Нет, я положительно не мог с ним разговаривать! Я мерил шагами кабинет, он вертел за мной своей старческой трясущейся головкой и говорил, говорил, говорил...

— Я человек старый и больной... и совершенно не домогался этого назначения. Оно меня самого ошеломило... Я вам расскажу откровенно. Меня пригласили к императрице, я приехал в Царское к восьми вечера, а швейцар говорит: «Вас приглашала императрица, а примет государь... Пожалуйста». Государь начал беседовать о посторонних предметах, а потом говорит, что теперь, когда Трепов уходит, он очень озабочен, кого назначить председателем совета министров. Я слушаю. Называет нескольких лиц, между прочим Рухлова, но, говорит, хорошо бы, да он не знает французского языка. Потом несколько минут молчания, и его фраза: «Я с вами хитрю. Я вас вызвал, не императрица. Мой выбор пал на вас». Я поник головой, так был ошеломлен. Никогда я не домогался, напротив, прослужив 47 лет, я мечтал только об отдыхе. Я стал возражать. Указал на свое болезненное состояние. Политикой я не занимался. Я прямо умолял его, чтобы чаша сия миновала, говоря, что это назначение будет неудачно...
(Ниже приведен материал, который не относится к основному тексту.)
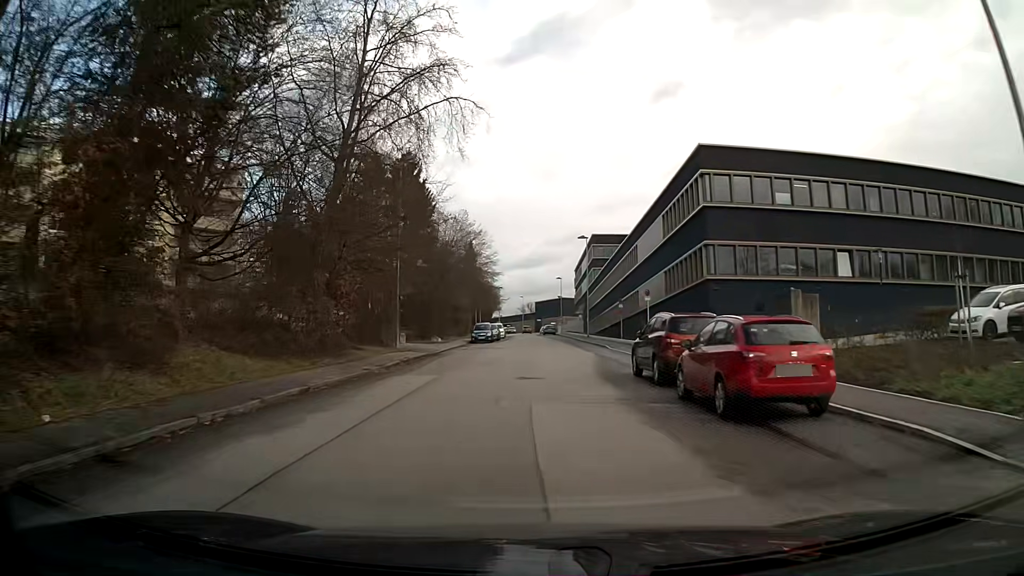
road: residential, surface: asphalt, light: Day
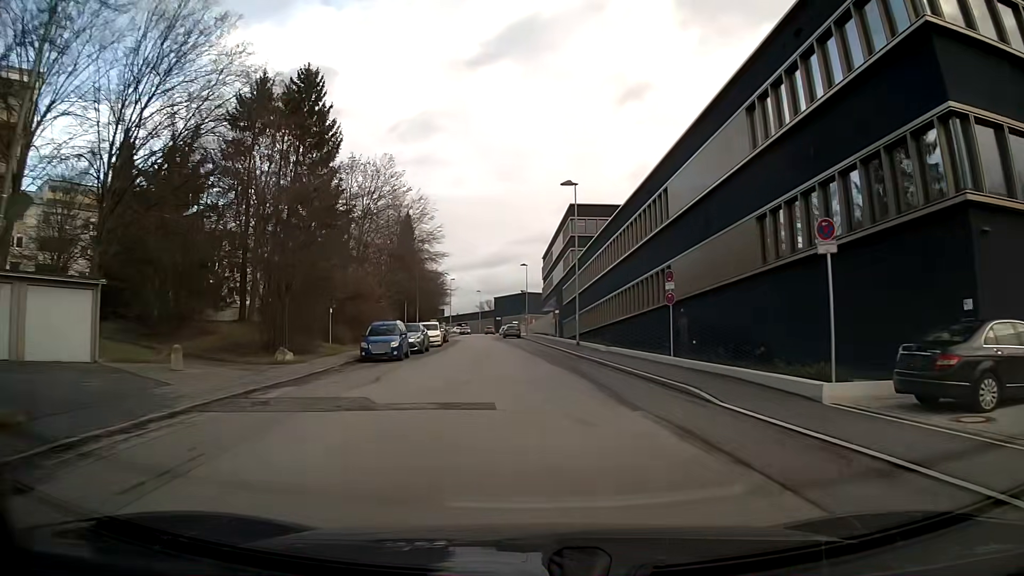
(+0.6, +26.3) m; +4°
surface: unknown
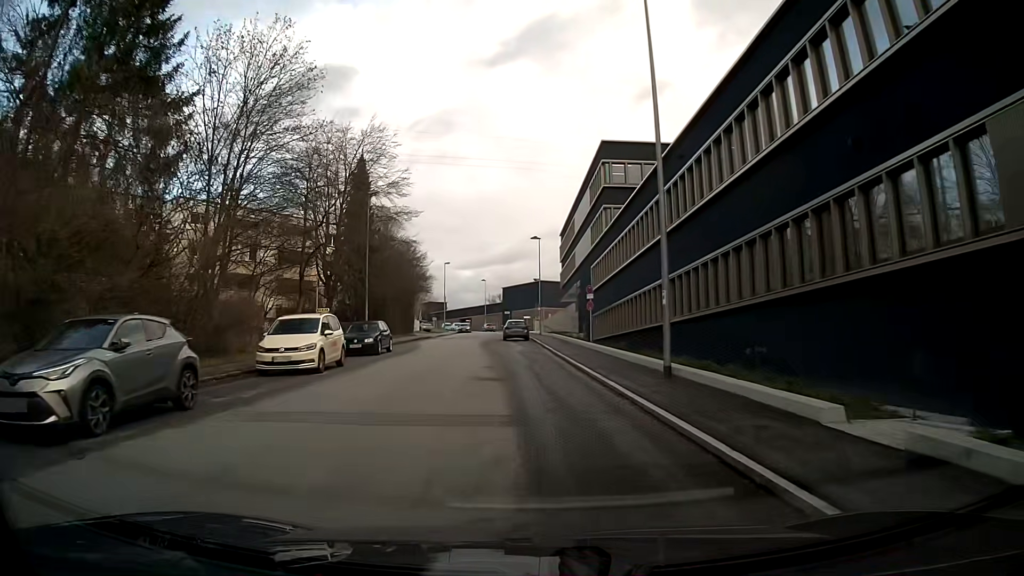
(-0.4, +25.9) m; -3°
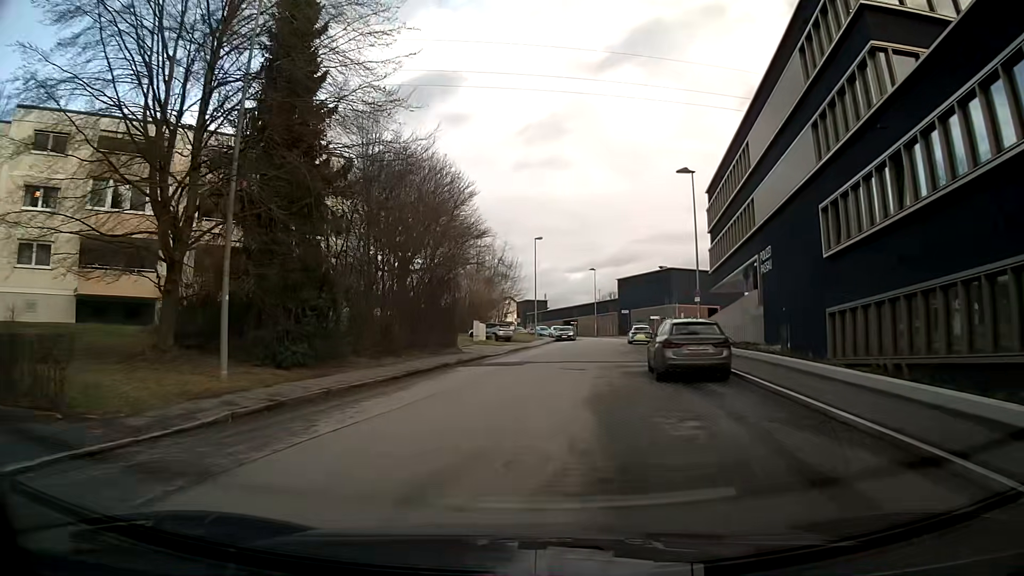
(-2.2, +31.9) m; -8°
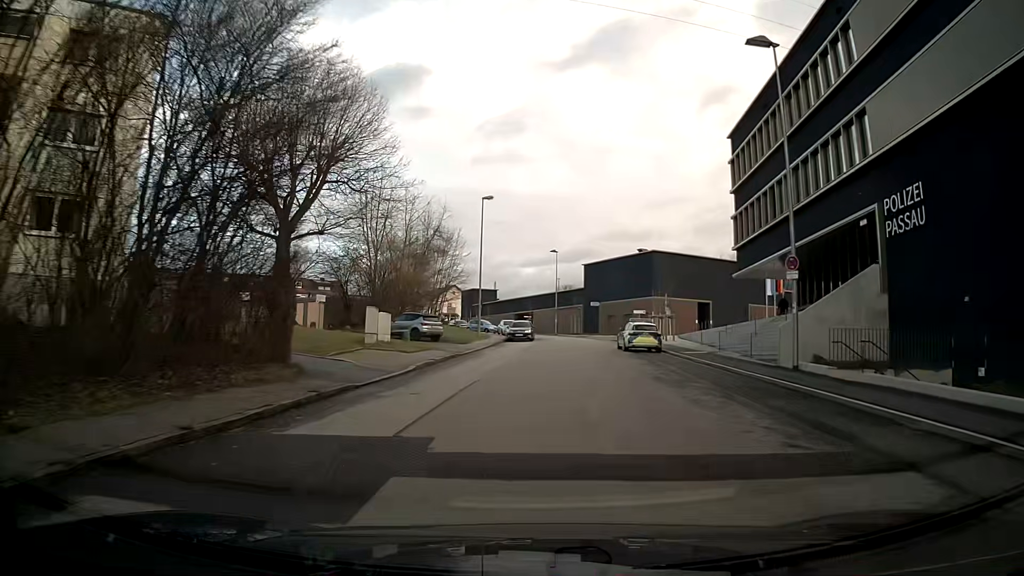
(+0.7, +19.0) m; +5°
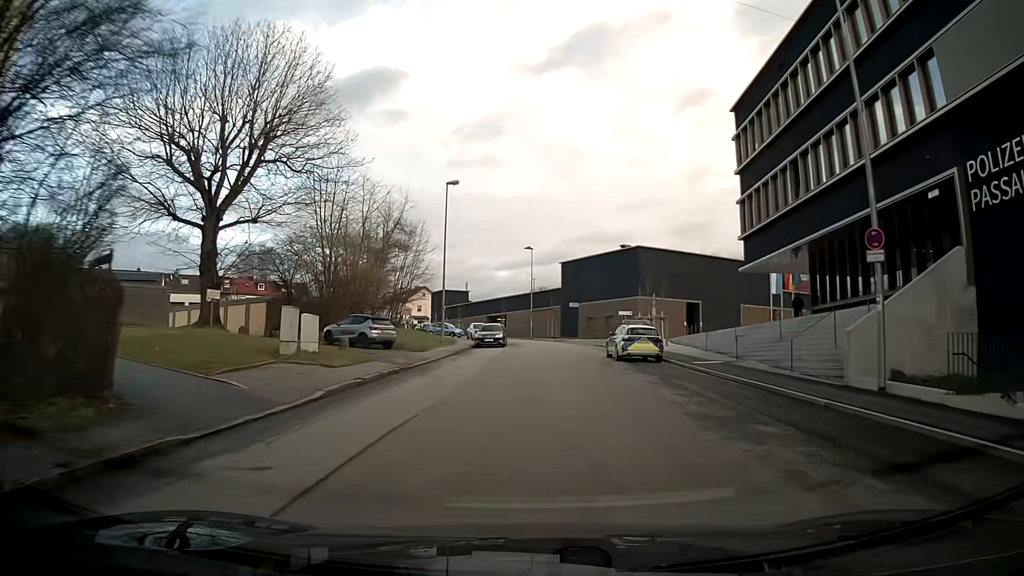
(+0.1, +6.4) m; +1°
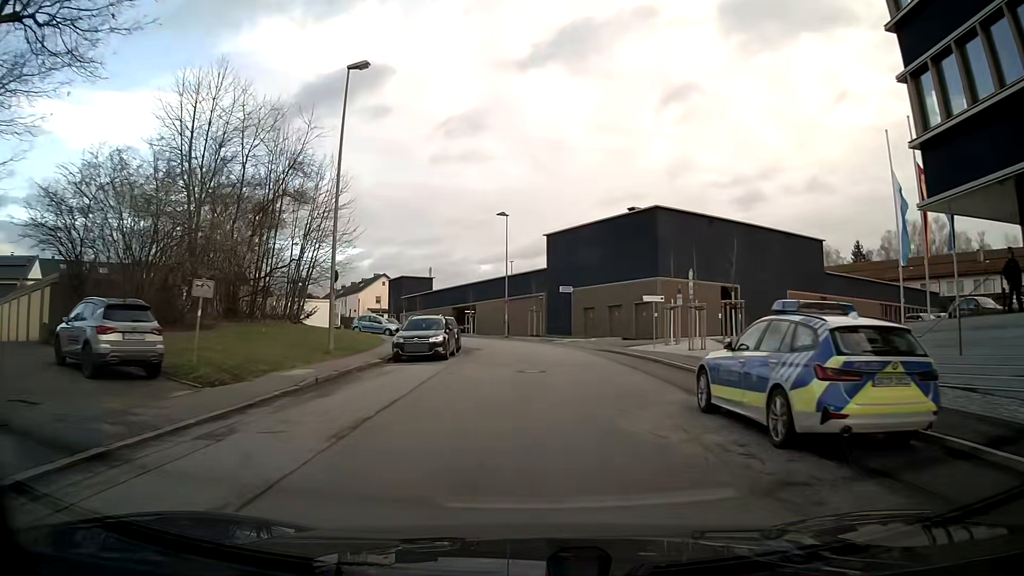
(+0.3, +19.5) m; +2°
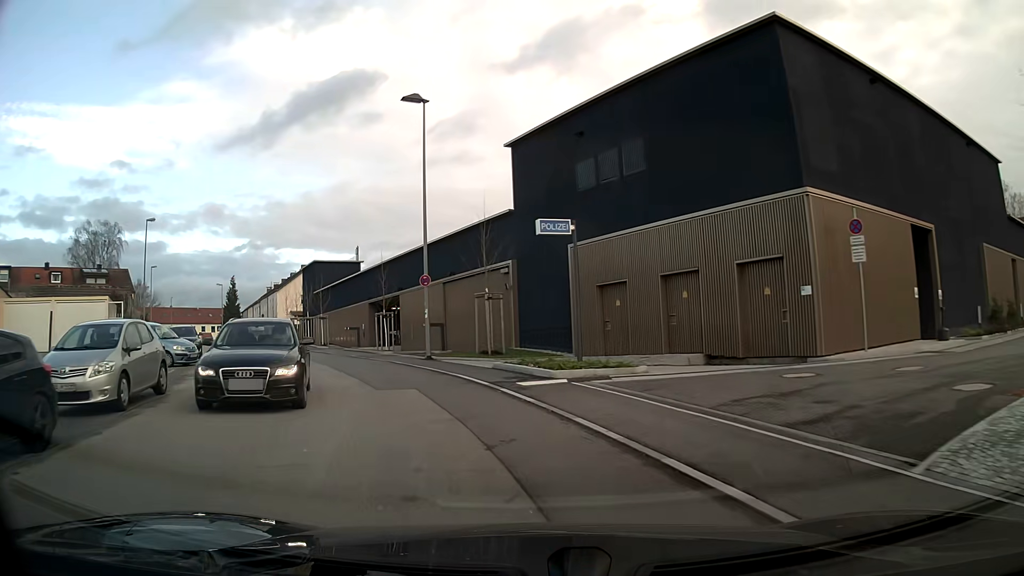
(+1.0, +29.4) m; -4°
(-1, +10) (-4, +19) (-8, +29) (-13, +37) (-18, +46) (-22, +55) (-27, +64) (-32, +72) (-37, +81) (-42, +90) m

Он говорил, а я сквозь окно смотрел, как уходят из дворца министр иностранных дел Покровский и министр финансов Барк. Лучше бы я не видел этого позора. А старик все жужжал:

— Совершенно искренне и убежденно говорил я, что уже устарел, что в такой трудный момент признаю себя совершенно неспособным. Если бы вы слышали, сколько гадостей о самом себе я наговорил государю! Если бы обо мне сказал это кто-то другой, я вызвал бы его на дуэль! Я уходил совершенно успокоенный, уверенный, что я убедил, что чаша сия...
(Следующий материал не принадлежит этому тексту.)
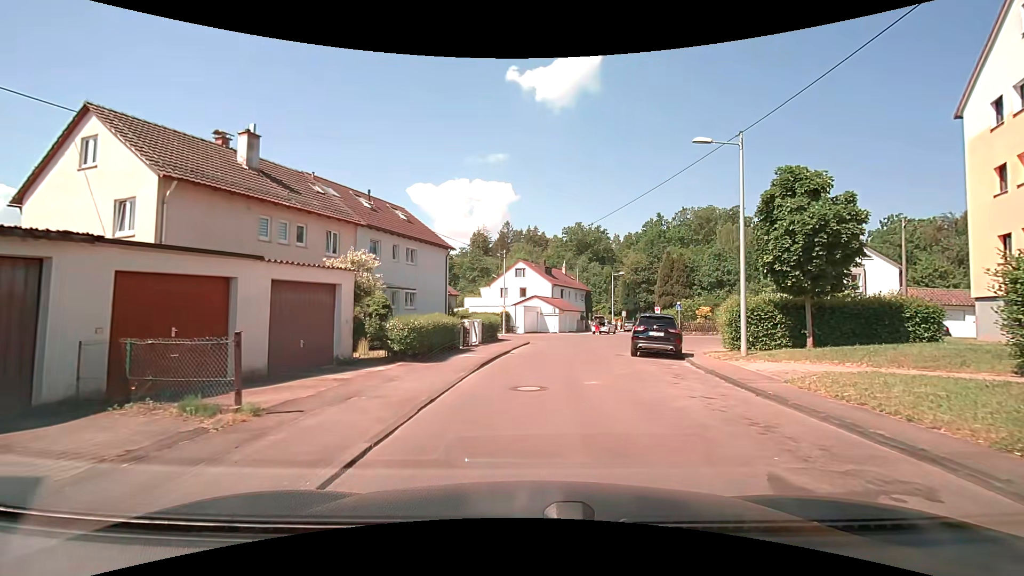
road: residential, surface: asphalt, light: Day
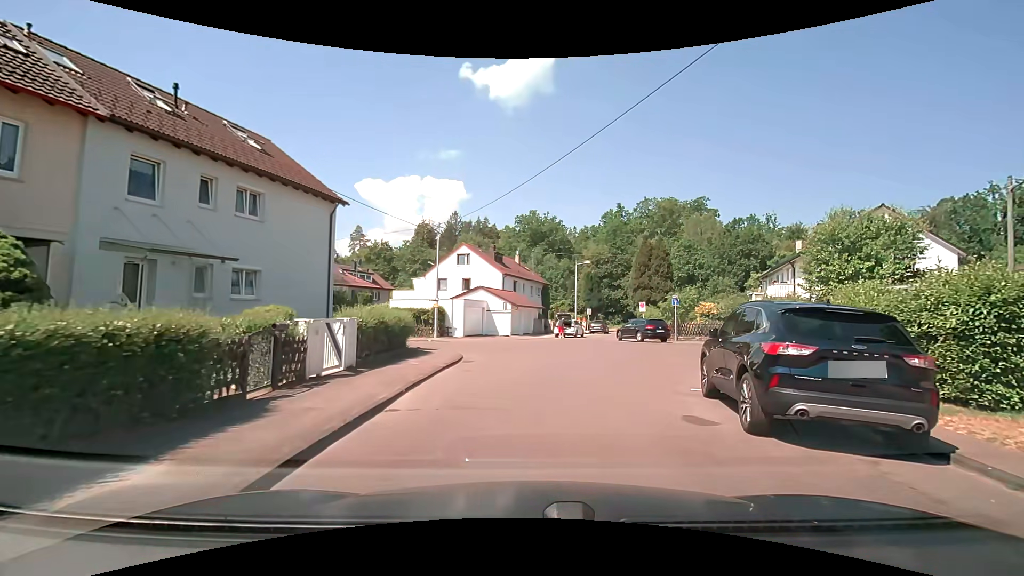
(+0.3, +13.1) m; +5°
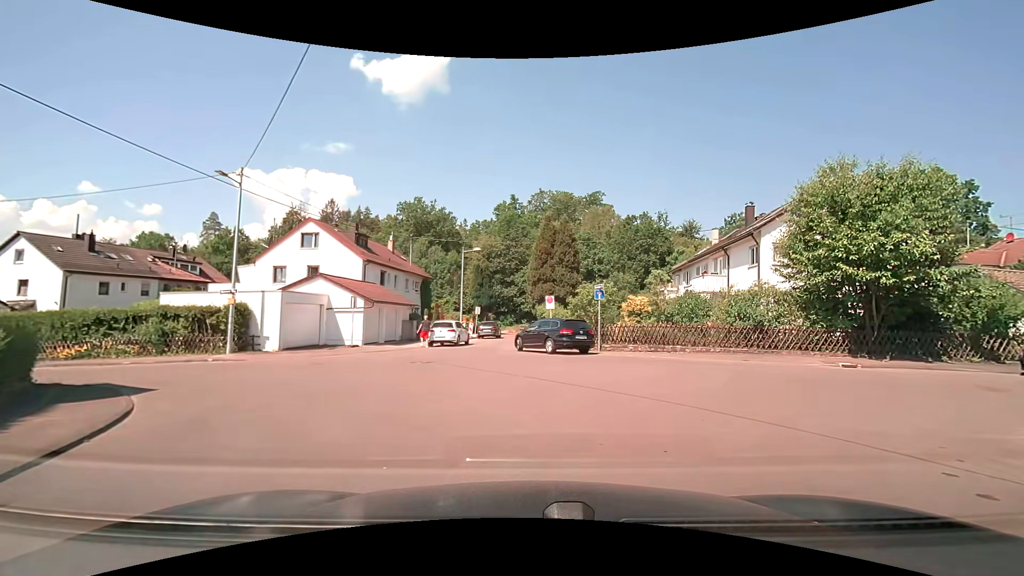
(+1.2, +11.3) m; +14°
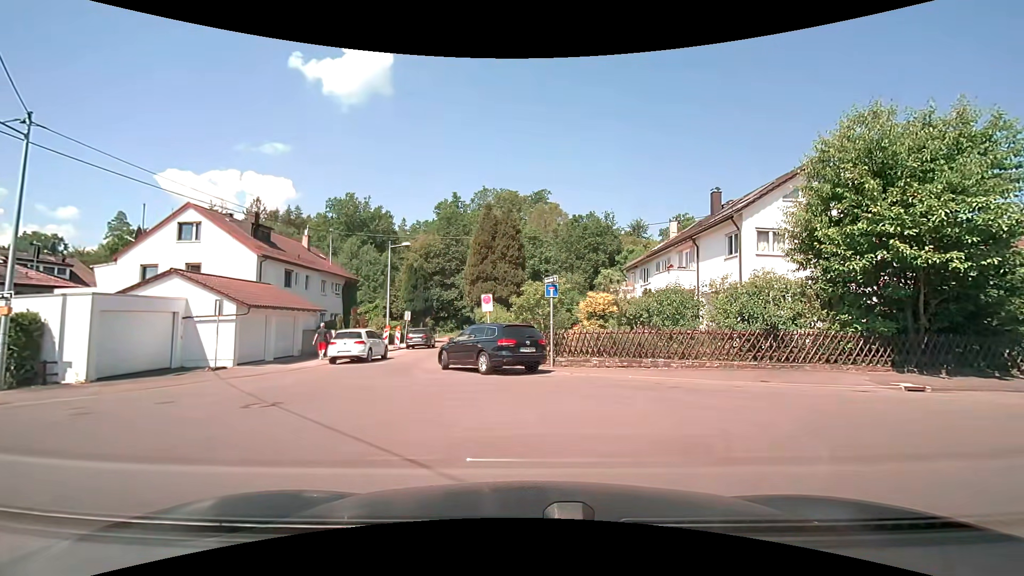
(+0.3, +5.9) m; +6°
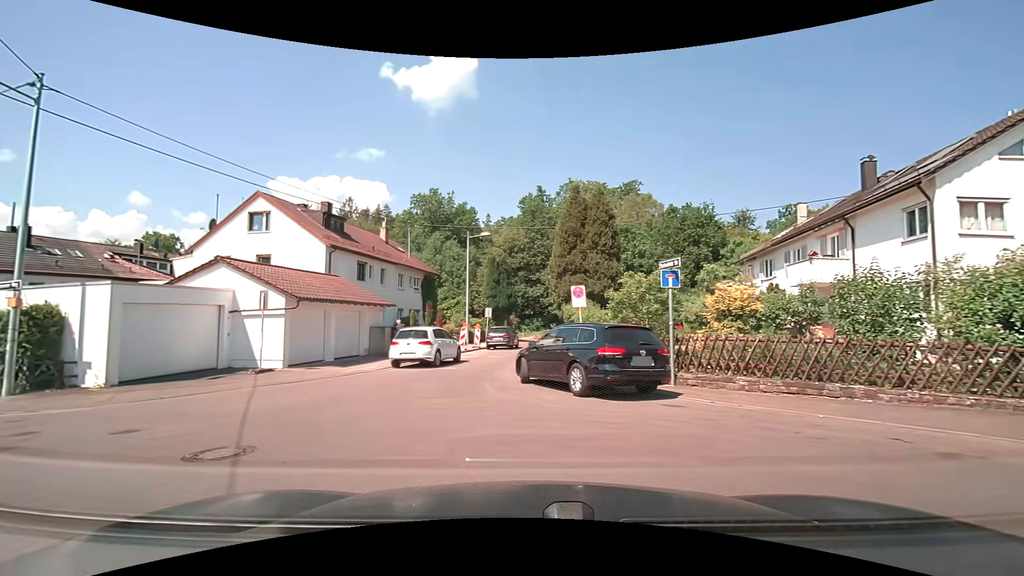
(-0.1, +4.3) m; -10°
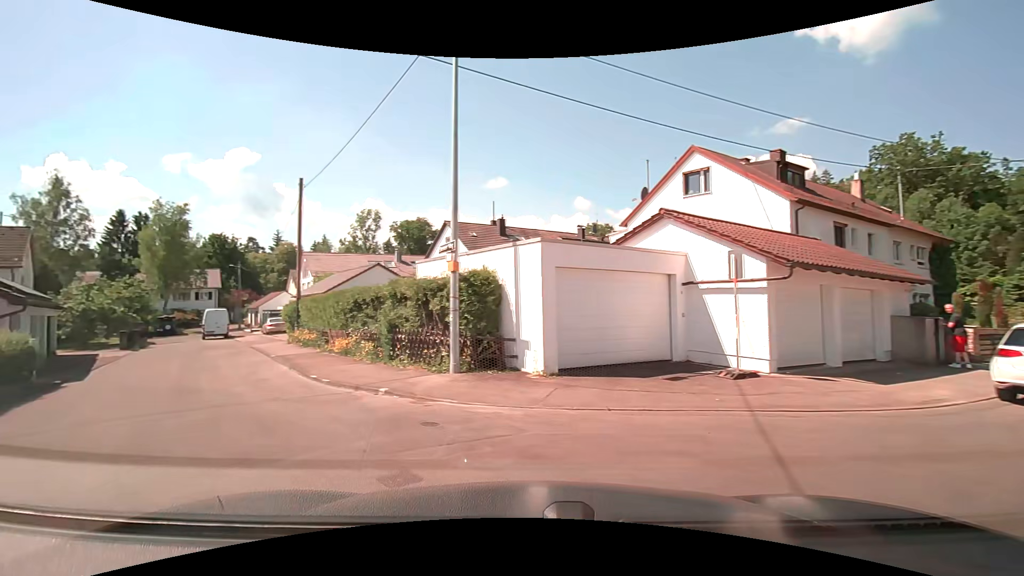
(-2.7, +6.4) m; -45°
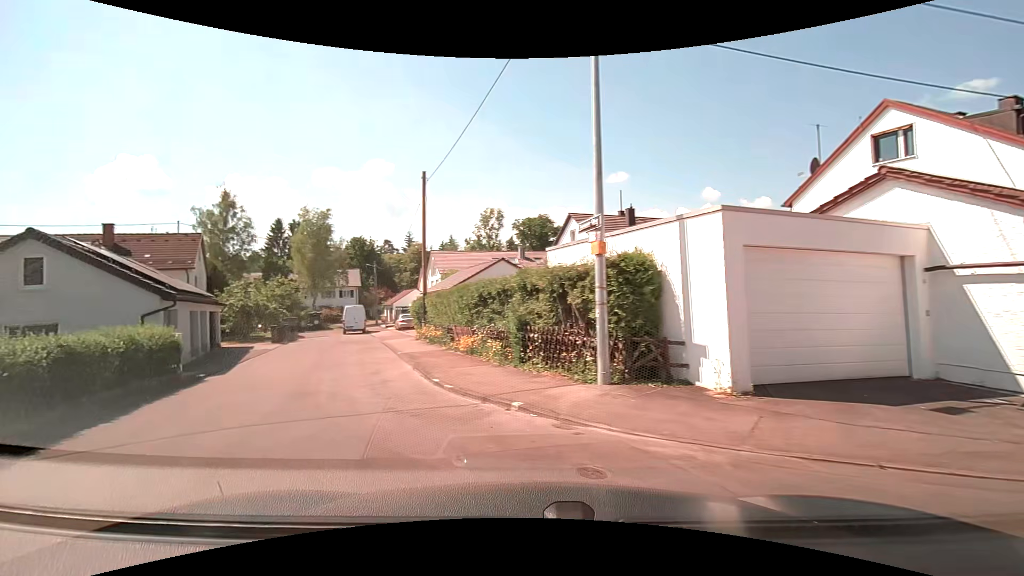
(-0.3, +2.3) m; -13°
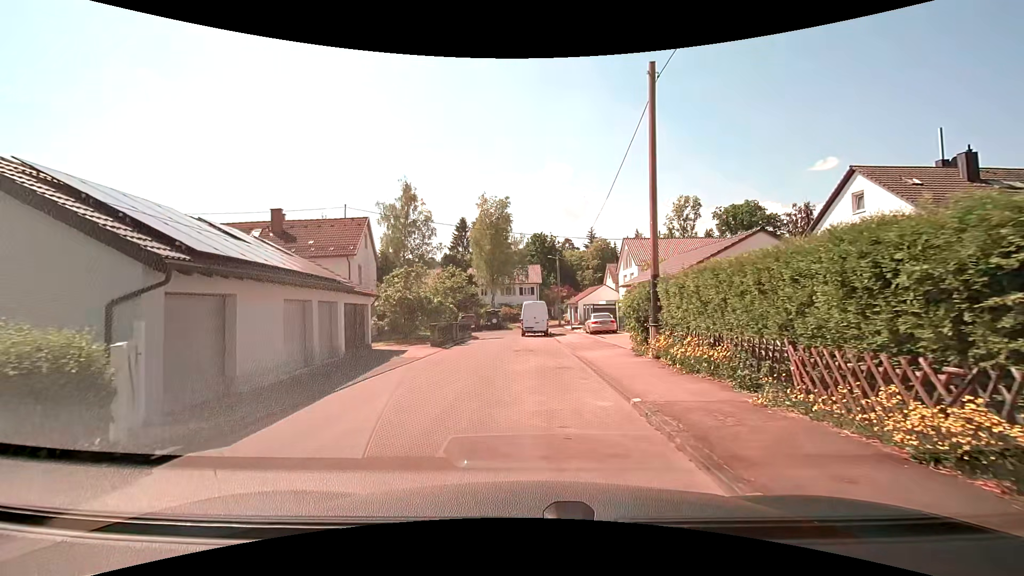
(-3.2, +10.2) m; -23°

Вошедший великий князь Михаил Александрович прервал извержения Голицына. По его виду я сразу понял, что дело плохо.

— Я говорил... но не с братом... К проводу подошел генерал Алексеев. Я все сказал... Я рекомендовал удалить весь состав совета министров и поставить лицо, пользующееся общественным доверием... Таким лицом я назвал князя Львова... Брат через Алексеева поблагодарил меня за совет, но сказал, что он сам знает, что делать.

— А мне ничего не велено передать? — спросил Голицын.— Мое прошение об отставке...

— Вам велено передать следующее: государь в создавшейся обстановке не считает возможным производить какие-либо перемены в составе правительства, а лишь требует решительных мер для подавления бунта. Для осуществления этого он назначает вас, князь Голицын, диктатором над Петроградом.

Я посмотрел на новоявленного диктатора, и сердце у меня захолодело. Нет, определенно, бог лишил государя разума.

— Эх, Михаил Александрович,— с глубокой болью сказал я,— не надо было всего этого... прямого провода... Надо было, как я говорил... явочно, а потом бы разобрались. Боюсь, как бы благоприятный момент не был упущен...

Возвращался я в Таврический поздно. Зон уже не существовало. Сплошная революционная волна все залила. Нас много раз задерживали и спрашивали пропуск. Временами удовлетворялись, а временами даже мое имя встречалось неодобрительно. Картина была вполне ясная. Таким образом, создалось такое безвыходное положение, перед которым меркло все. Я чувствовал, что тяжкая ответственность перед Россией легла на мои плечи.